Na versão californiana, a aristocracia se traduz em advogados bilionários, celulares tijolões e passarelas improvisadas nos corredores do colégio. Dan Hedaya, como o pai superprotetor de Cher, é o guardião de um mundo em que a ingenuidade da filha não representa inocência, mas sim a apatia sofisticada de uma bolha social impermeável. Josh, o meio-irmão vivaz e ético interpretado por Paul Rudd, funciona como uma espécie de espelho moral — não tanto para confrontar Cher, mas para revelar a ela que nem tudo pode ser corrigido com boa intenção, charme e um vestidinho justo.
É nesse contexto que Dionne entra em cena, não como coadjuvante decorativa, mas como a encarnação de uma dualidade. A sua semelhança com Cher é deliberada, mas o temperamento cortante e o olhar menos ingênuo denunciam as falhas na estrutura artificial que cerca essas adolescentes. Stacey Dash e Alicia Silverstone, ao interpretarem essa dupla, ressuscitam a vitalidade anárquica que definia certos produtos culturais das décadas de 1980 e 1990 — produções que se permitiam ser contraditórias, indisciplinadas e deliciosamente inadequadas sem a tutela de uma moral externa.
A engrenagem narrativa se move com a leveza de quem finge não ter compromisso algum, mas logo revela seu propósito: transformar Cher de manipuladora involuntária em aprendiz do afeto genuíno. A estratégia de promover o romance entre dois professores, ferramenta cômica e simbólica do roteiro, não apenas reforça a ilusão de controle da protagonista, mas prenuncia sua derrocada parcial. Ao brincar de cupido, ela acredita estar acima do enredo — até descobrir que o enredo já a envolveu por completo. É nesse momento que Heckerling abandona a zombaria para abraçar uma ternura discreta, quase acidental.
Com a entrada da novata Tai, vivida por Brittany Murphy, o filme insinua que nem mesmo as caricaturas são imunes à metamorfose. O clichê do makeover, que poderia sepultar qualquer possibilidade de complexidade, ganha um inesperado frescor graças à química entre Silverstone e Murphy. Em vez de um teatro raso de popularidade, a amizade entre as duas aponta para um desejo, ainda que inconsciente, de empatia num universo regido por aparências. Se Austen via Emma como uma heroína que precisava falhar para compreender o amor, Heckerling concede a Cher o mesmo direito — o de se enganar para depois se reinventar.
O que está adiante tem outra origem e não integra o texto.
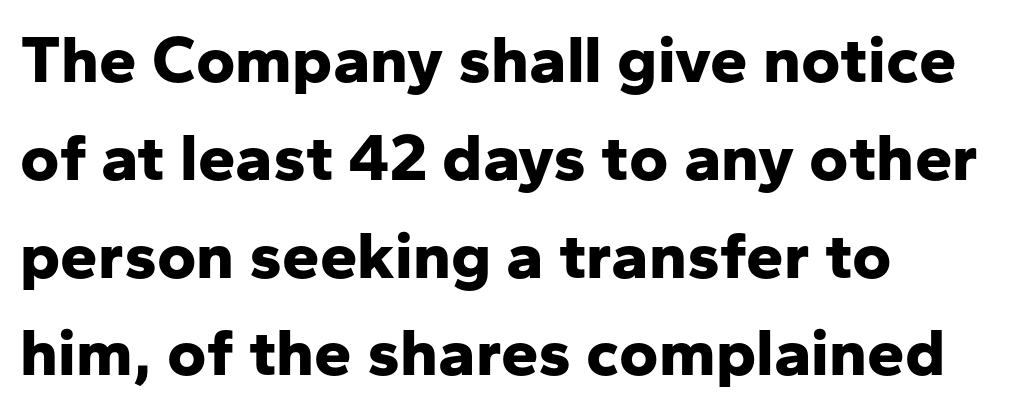
Q: Is the text bold? A: Yes.
Q: Is the text italic (slanted)? A: No, it is upright.
Q: Is the typeface a serif or a sans-serif typeface? A: Sans-serif.
Q: Is the text underlined? A: No.
Q: How is the paragraph aligned? A: Left-aligned.
Q: Is the spacing between letters normal or unusually wide? A: Normal.
Q: Is the spacing between lines tight, normal or loose? A: Normal.
Q: Width (condensed, normal, or wide)? A: Normal.
Q: Stroke contrast? A: Low.
Q: x-height? A: Medium.
Q: Monospaced? A: No.
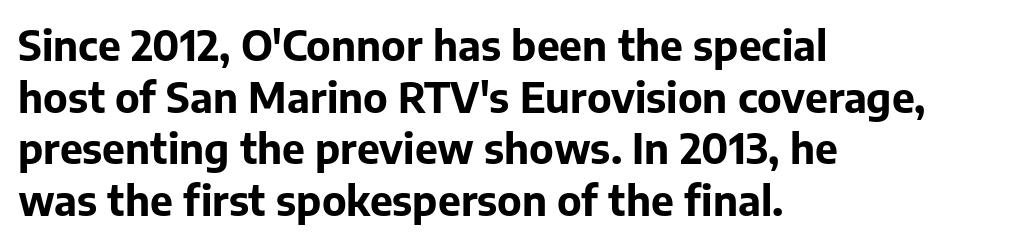
The image shows 41 px bold sans-serif type, upright; set left-aligned, normal line spacing (1.26x), normal letter spacing, not underlined; low stroke contrast and a medium x-height.
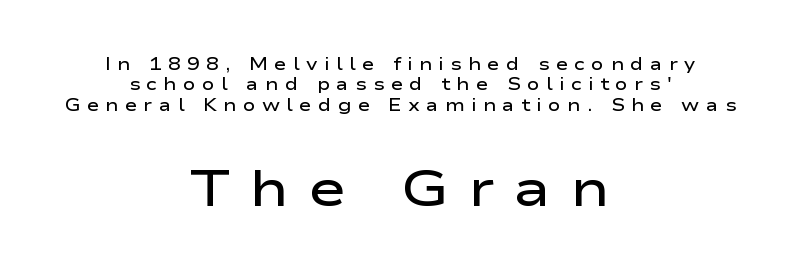
Stroke terminals: plain, sans-serif. When letters stand straight like this, we call the style roman or upright. These lines carry some extra weight — a demibold, not a full bold. Proportional: the letters do not fall into vertical columns. Every row of glyphs is offset so its center matches the block's center.
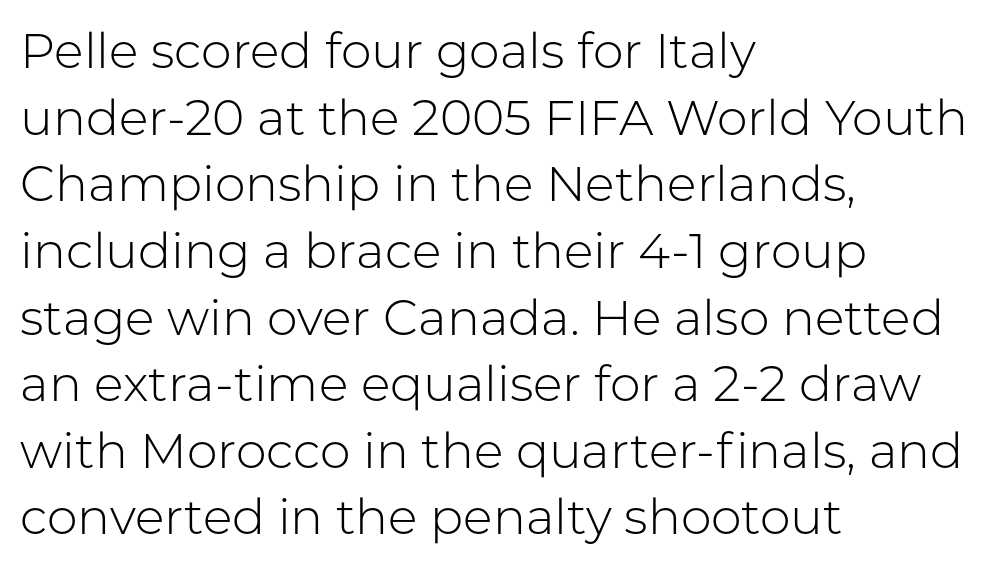
{"serif": "no", "italic": "no", "bold": "no", "weight": "light", "width": "normal", "stroke_contrast": "low", "x_height": "medium", "monospaced": "no", "underline": "no", "align": "left", "line_spacing": "normal", "line_spacing_ratio": 1.36, "letter_spacing": "normal", "letter_spacing_em": 0.0, "glyph_px": 49}
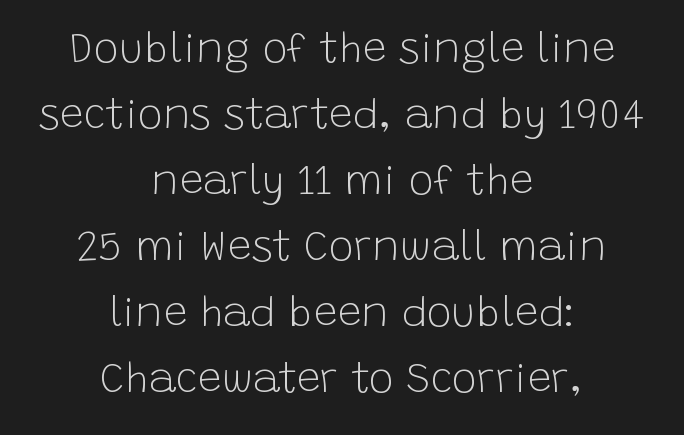
No word sits above an underline. These lines are rendered in a variable-pitch font. Every character sits straight up, as roman type does. A sans-serif font was chosen for this passage. Honestly, the letter spacing is just normal — you wouldn't notice it. Does the leading feel generous? No, just average.
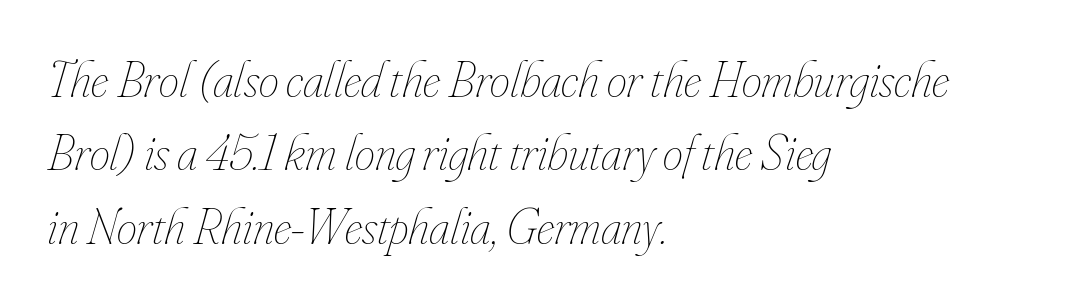
Q: Is the text bold? A: No.
Q: Is the text italic (slanted)? A: Yes, it leans right by about 16 degrees.
Q: Is the text underlined? A: No.
Q: How is the paragraph aligned? A: Left-aligned.
Q: Is the spacing between letters normal or unusually wide? A: Normal.
Q: Is the spacing between lines tight, normal or loose? A: Normal.
Q: Width (condensed, normal, or wide)? A: Condensed.
Q: Stroke contrast? A: Low.
Q: x-height? A: Small.
Q: Monospaced? A: No.

Numa era saturada por discursos moralizantes e maniqueísmos bem-intencionados, há algo libertador em um filme que reivindica o direito de ser fútil e agudo ao mesmo tempo. “As Patricinhas de Beverly Hills” não pretende rivalizar com Austen em profundidade literária — seria tolice esperar isso. Mas talvez seu maior trunfo esteja justamente na capacidade de fazer com que o pensamento da autora reverbere onde menos se espera: numa comédia cor-de-rosa que, ao rir de si mesma, acaba zombando de todos nós. E, ironicamente, é aí que reside sua inteligência.